SEC Plans an Experts' Meeting to Discuss High-Tech Trading

Reported by Chris Cumming

Regulators have devised a plan to address the Knight Capital fiasco: host a meeting of experts. The SEC announced yesterday that it will hold a roundtable discussion on improving the stability of high-tech trading next month.

The discussion is scheduled for Sept. 14, and it will bring together experts on designing and controlling the sort of high-tech trading systems whose failure cost Knight $440 million.

In the release, SEC chairman Mary Schapiro calls the roundtable an attempt to "keep pace with the rapid changes in market structure and technology over the last several years," adding that she looks forward to hearing a range of views on strengthening the system.

Company Press Release

SEC to Host Market Technology Roundtable

Washington, D.C., Aug. 8, 2012 — The Securities and Exchange Commission today announced that it will host a technology roundtable next month to discuss ways to promote stability in markets that rely on highly automated systems.
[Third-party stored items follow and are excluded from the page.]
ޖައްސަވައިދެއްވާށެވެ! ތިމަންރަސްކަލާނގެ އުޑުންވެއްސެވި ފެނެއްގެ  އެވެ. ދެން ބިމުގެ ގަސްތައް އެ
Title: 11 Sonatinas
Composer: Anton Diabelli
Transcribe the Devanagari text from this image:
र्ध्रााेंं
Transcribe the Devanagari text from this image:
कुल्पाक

The roundtable entitled “Technology and Trading: Promoting Stability in Today’s Markets” will take place on September 14 and convene experts on designing, operating, and controlling the systems that form the core of our market’s infrastructure.

Nearly all trading in the equity and options markets depends on the reliable performance of highly automated systems used by investors, broker-dealers, and exchanges and other trading systems.
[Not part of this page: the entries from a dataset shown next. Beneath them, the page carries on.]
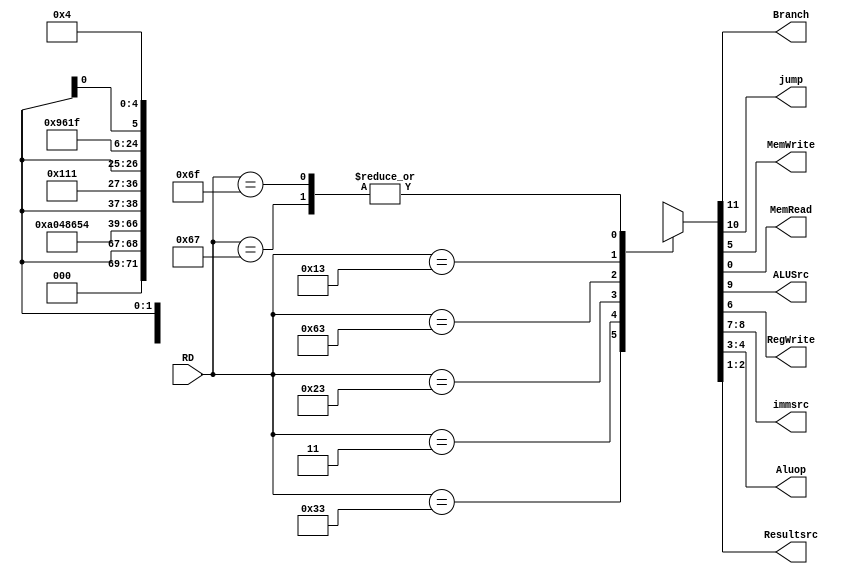
module mainctrl2(
input [6:0] RD,
output Branch,jump,MemWrite,MemRead,ALUSrc,RegWrite,
output [1:0]immsrc,
output [1:0]Aluop,
output[1:0]Resultsrc);

reg [11:0] control;


assign {Branch,jump,ALUSrc,immsrc,RegWrite,MemWrite,Aluop,Resultsrc,MemRead} = control;
always @(*)
begin
case(RD)
7'b0110011 : control <= 12'b0_0_0_xx__1_0_10_00_0; // R-type
7'b0000011 : control <= 12'b0_0_1_00__1_0_00_01_1; // lw-type
7'b0100011 : control <= 12'b0_0_1_01__0_1_00_xx_0; // s-type//sw
7'b1100011 : control <= 12'b1_0_0_01__0_0_01_xx_0; // sb-type
7'b0010011 : control <= 12'b0_0_1_00__1_0_11_00_0; // I-type
7'b1100111 : control <= 12'b0_1_1_11__1_x_00_10_0; // jalr-type
7'b1101111 : control <= 12'b0_1_1_11__1_x_00_10_0; // jal-type
default : control    <= 12'bx_x_x_xx__x_x_xx_xx_x;
endcase
end
endmodule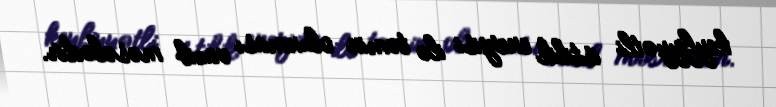
keyfiyyətli istilik enerjisi ilə təmin olunması vacib məsələdir.

“Reliance on technology has enabled the markets to achieve extraordinary levels of speed and efficiency,” said SEC Chairman Mary L. Schapiro. “But with technology comes a responsibility for getting it right, minimizing errors and protecting the interests of investors.”

Recent events have highlighted some of the risks of increasingly complex and interconnected trading systems, setting aside the larger public debate regarding high frequency trading. The roundtable discussions will be focused on the design and control of all types of automated market systems. When these systems do not work as intended, the failures can directly harm not only the operator of the system but in some cases a range of other innocent parties.

“The roundtable is part of the Commission’s ongoing effort to keep pace with the rapid changes in market structure and technology over the last several years,” said Chairman Schapiro. “I look forward to hearing the views of experienced technologists on how we can strengthen the stability of our market structure while still preserving the many benefits of electronic trading.”